The Nirmal Bharat Yatra at Uttar Pradesh -Training of teachers at Gorakhpur Block Resource Centre

Women folk

Women folk in Gorakhpur village

5 Nov 2012: Gorakhpur, a small village in Uttar Pradesh is the fifth stop of the Nirmal Bharat Yatra. The Yatra has travelled to four major places already - Wardha, Indore, Kota and Gwalior, carrying  the message of ending open defecation, the importance of washing hands with soap and practicing hygiene in rural areas of India.
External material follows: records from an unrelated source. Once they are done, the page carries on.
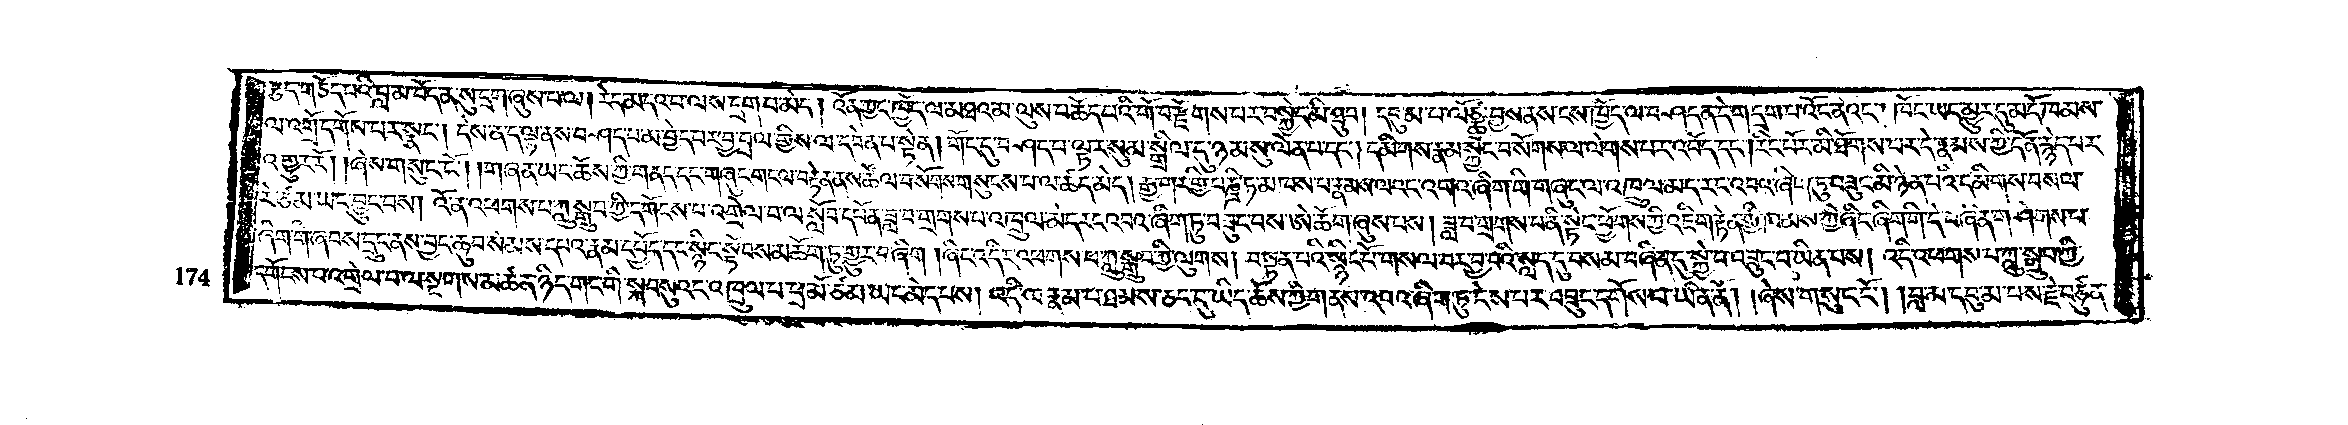རྩད་གཅོད་པའི་བླ་མ་བོད་ན་སུ་དྲག་ཞུས་པ་ལ། རེད་མདའ་བ་ལས་དྲག་པ་མེད། འོན་ཀྱང་ཁྱོད་ལ་མཐའ་མ་ལུས་བྖོད་པའི་གོ་བ་རྫོགས་པར་བསྐྱེད་མི་ཐུབ། དབུ་མ་པ་ལོ་ཙྪ་བྱས་ནས་ངས་ཁྱོད་ལ་བཤད་ན་དེ་ག་དྲག་པ་འོང་ནའང་། ཁོང་ཡང་མྱུར་དུ་མདོ་ཁམས་
ལ་འགྲོ་དགོས་པར་སྣང་། དེས་ན་ད་ལྟ་ནས་བཤད་པ་མ་བྱེད་པར་བྱ་བྲལ་གྱིས་ལ་དབེན་པ་སྟེན། གོང་དུ་བཤད་པ་ལྟར་སུམ་སྒྲིལ་དུ་ཉམས་སུ་ལེན་པ་དང་། དམིགས་རྣམ་སྐྱོང་བ་སོགས་ལ་ལེགས་པར་འབོད་དང་། རིང་པོར་མི་ཐོགས་པར་དེ་རྣམས་ཀྱི་དོན་རྙེད་པར་
འགྱུར་རོ། །ཞེས་གསུང་ངོ། །གཞན་ཡང་ཆོས་ཀྱི་གནད་དང་གཞུང་གང་ལ་བརྟེན་ནས་ཚོལ་བ་སོགས་གསུངས་པ་ལ་ཚད་མེད། རྒྱ་གར་གྱི་པཎྜི་ཏ་མཁས་པ་རྣམས་ལའང་འགའ་ཞིག་གི་ལ་གཞུང་ལ་འཁྲུལ་མེད་རང་འབའ་ཞིག་ཏུ་བཟུང་མི་ཉེན་པའི་དམིགས་བསལ་
རེ་ཙམ་ཡང་བྱུང་བས། འོ་ན་འཕགས་པ་ཀླུ་སྒྲུབ་ཀྱི་དགོངས་པ་འགྲེལ་བ་ལ་སློབ་དཔོན་ཟླ་བ་གྲགས་པ་འཁྲུལ་མེད་རང་འབའ་ཞིག་ཏུ་བཟུང་བས་ཨེ་ཆོག་ཞུས་པས། ཟླ་བ་གྲགས་པ་ནི་སྟེང་ཕྱོགས་ཀྱི་འཇིག་རྟེན་གྱི་ཁམས་ཀྱི་ཞིང་ཞིག་གི་དེ་བཞིན་གཤེགས་པ་
ཞིག་གི་ཞབས་དྲུང་ནས་བྱང་ཆུབ་སེམས་དཔའ་རྣམ་དཔྱོད་དང་སྙིང་སྟོབས་མཆོག་ཏུ་གྱུར་བ་ཞིག །ཞིང་འདིར་འཕགས་པ་ཀླུ་སྒྲུབ་ཀྱི་ལུགས། བསྟན་པའི་སྙིང་པོ་གསལ་བར་བྱ་བའི་སླད་དུ་བསམ་བཞིན་དུ་སྐྱེ་བ་བཟུང་བུ་ཡིན་པས། འདི་འཕགས་པ་ཀླུ་སྒྲུབ་ཀྱི་
དགོངས་པ་འགྲེལ་བ་ལ་སྔགས་མཚན་ཉིད་གང་གི་སྐབས་སུའང་འཁྲུལ་པ་ཕྲ་མོ་ཙམ་ཡང་མེད་པས། འདི་ལ་རྣམ་པ་ཐམས་ཅད་དུ་ཡིད་ཆོས་ཀྱི་གནས་འབའ་ཞིག་ཏུ་ངེས་པར་བཟུང་དགོས་པ་ཡིན་ནོ། །ཞེས་གསུང་ངོ། །བླ་མ་དབུ་མ་པས་རྗེ་བཙུན་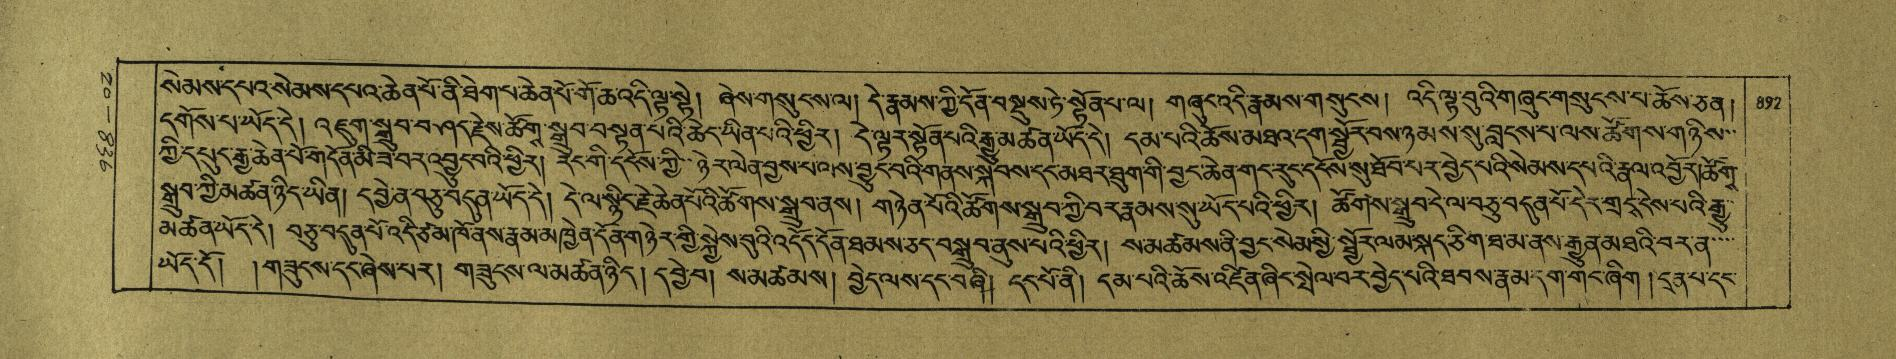སེམས་དཔའ་སེམས་དཔའ་ཆེན་པོ་ནི་ཐེག་པ་ཆེན་པོ་གོ་ཆ་འདི་ལྟ་སྟེ། ཞེས་གསུངས་ལ། དེ་རྣམས་ཀྱི་དོན་བསྡུས་ཏེ་སྟོན་པ་ལ། གཞུང་འདི་རྣམས་གསུངས། འདི་ལྟ་བུའི་གཞུང་གསུངས་པ་ཆོས་ཅན།
དགོས་པ་ཡོད་དེ། འཇུག་སྒྲུབ་བཤད་རྗེས་ཚོགས་སྒྲུབ་བསྟན་པའི་ཆེད་ཡིན་པའི་ཕྱིར། དེ་ལྟར་སྟོན་པའི་རྒྱུ་མཚན་ཡོད་དེ། དམ་པའི་ཆོས་མཐའ་དག་སྦྱོར་བས་ཉམས་སུ་བླངས་པ་ལས་ཚོགས་གཉིས་
ཀྱི་དཔུང་རྒྱ་ཆེན་པོ་གདོན་མི་ཟ་བར་འབྱུང་བའི་ཕྱིར། རང་གི་དངོས་ཀྱི་ཉེར་ལེན་བྱས་པ་ལས་བྱུང་བའི་གནས་སྐབས་དང་མཐར་ཐུག་གི་བྱང་ཆེན་གང་རུང་དངོས་སུ་ཐོབ་པར་བྱེད་པའི་སེམས་དཔའི་རྣལ་འབྱོར། ཚོགས་
སྒྲུབ་ཀྱི་མཚན་ཉིད་ཡིན། དབྱེ་ན་བཅུ་བདུན་ཡོད་དེ། དེ་ལ་སྙིང་རྗེ་ཆེན་པོའི་ཚོགས་སྒྲུབ་ནས། གཉེན་པོའི་ཚོགས་སྒྲུབ་ཀྱི་བར་རྣམས་སུ་ཡོད་པའི་ཕྱིར། ཚོགས་སྒྲུབ་དེ་ལ་བཅུ་བདུན་པོ་དེར་གྲངས་ངེས་པའི་རྒྱུ་
མཚན་ཡོད་དེ། བཅུ་བདུན་པོ་འདི་ཙམ་ཁོ་ནས་རྣམ་མཁྱེན་དོན་གཉེར་གྱི་སྐྱེས་བུའི་འདོད་དོན་ཐམས་ཅད་བསྒྲུབ་ནུས་པའི་ཕྱིར། ས་མཚམས་ནི་བྱང་སེམས་སྱི་སྦྱོར་ལམ་སྐད་ཅིག་ཐ་མ་ནས་རྒྱུན་མཐའི་བར་ན་
ཡོད་དོ། །གཟུངས་དང་ཞེས་པར། གཟུངས་ལ་མཚན་ཉིད། དབྱེ་བ། ས་མཚམས། བྱེད་ལས་དང་བཞི། དང་པོ་ནི། དམ་པའི་ཆོས་འཛིན་ཞིང་སྤེལ་བར་བྱེད་པའི་ཐབས་རྣམ་དག་གང་ཞིག །དྲན་པ་དང་

In the 4,000 km. tour across North India, the brain child of Wash United and Quicksand, the mission is to reach out to the masses through outreach to government schools involving teachers of that region, the local government, anganwadi workers and the community. In one such outreach programme, a Training of Teachers (TOT) was organised in Gorakhpur Block Resource Centre (BRC) where the implementing body and resource persons included representatives from partners of the Yatra, Maria Fernandes from Water Supply and Sanitation Collaborative Council (WSSCC), Arpana from Wash United and Shiv Kumar from Feedback Foundation. It was a clear sunny autumn morning and the enthusiasm of the community was evident in the turn out in the mini auditorium here. Teachers from different schools in the region participated in this programme and officials of the Block Resource Centre (BRC) applauded the initiative of the Yatra to reach out to them.

Maria

Maria Fernandes imparting training on menstruation

The Nirmal Bharat Yatra has been an excellent forum to reach out to rural India and involve the community in a dialogue. It has enabled us to spread awareness on public health through simple things like using soap to wash hands, making and using toilets to do away with open defecation. Maria Fernandes from WSSCC began the training on an informative note, elaborating on the various faces of superstition and malpractices associated with menstruation in different communities in the country where ignorance, illiteracy and stigma cripple the health of  women. She pin pointed how overall hygiene and use of toilets needed to be inculcated into people's lives to ensure better health. She invited participants to talk openly about the traditionally imposed inhibitions associated with menstruation and health issues pertaining to the reproductive capacity of women.

Block Resource Centre

Block Resource Centre (BRC)

Interraction

Training of Teachers (ToT), Gorakhpur, Uttar Pradesh

'A girl out of ignorance did not take proper measures of hygiene during her menstruation and developed itching in her private parts and rashes on her inner thighs. Because of the stigma associated with it, this incident went unreported till a stage where it manifested to disease of the uterus and the womb. In the final stages the doctor who examined the girl said, to save the girl the uterus would have to be taken out surgically. In her early adolescence, this girl now does not have a uterus and womb. This is a direct outcome of the stigma and taboo associated with menstruation in rural India, and how it results in disease,’ said Maria. She added that this girl would not have marriage opportunities now with no reproductive capacity.

"If we begin to talk openly among ourselves about menstruation - hygienic practices of using cotton cloth or sanitary pads to absorb the menstrual fluid and changing it frequently over the course of a day, disposing of these used sanitary pads hygienically without contaminating drinking water sources or our environment and the need to go to a doctor at the slightest hint of infection - then we can overcome the diseases that result from the silence on the matter,' Maria stressed in the session that by now had engaged both male and the female participants.

An interesting development in the session was the evident attempt of male teachers to influence or suppress the voices of the women present. One lady school teacher in an interaction on if there were toilets in the village or not, informed that there were very less toilets but a male teacher contradicted her statement by defying it and said, this was not so. Earlier in the day a Block Development official addressed the audience reiterating the need to only speak about things that will enhance the image of the community at Gorakhpur and not spell out weaknesses that could catch the media's eye. Perhaps this was the undercurrent among the male participants who wanted to guard the secret of the village not having enough toilets.

The Training for Teachers (TOT) was conducted successfully here in Gorakhpur and our objective to help the community to begin to speak out about issues relating to water, sanitation and hygiene and draw out their own action plan was achieved. This wind of change, though gradual,  will have to be persistent over the coming years. It is still a phenomenon in its own right in a country where it has taken decades after our freedom from the British to think about it and talk about it openly and honestly.

Maria

Maria Fernandes: an urban person in a rural job

This wind of change rests on people like Maria Fernandes, 30, married and mother of an infant son who lives with her husband and in-laws in Mumbai. Maria is educated, smart, compassionate and most of all, urban. Yet she has gone ahead and chosen a career option that is tread by very few, that of rural development. 

The Nirmal Bharat Yatra and its dream to be the wind of change in the way India has tackled its sanitation and hygiene problems, rests on people like her.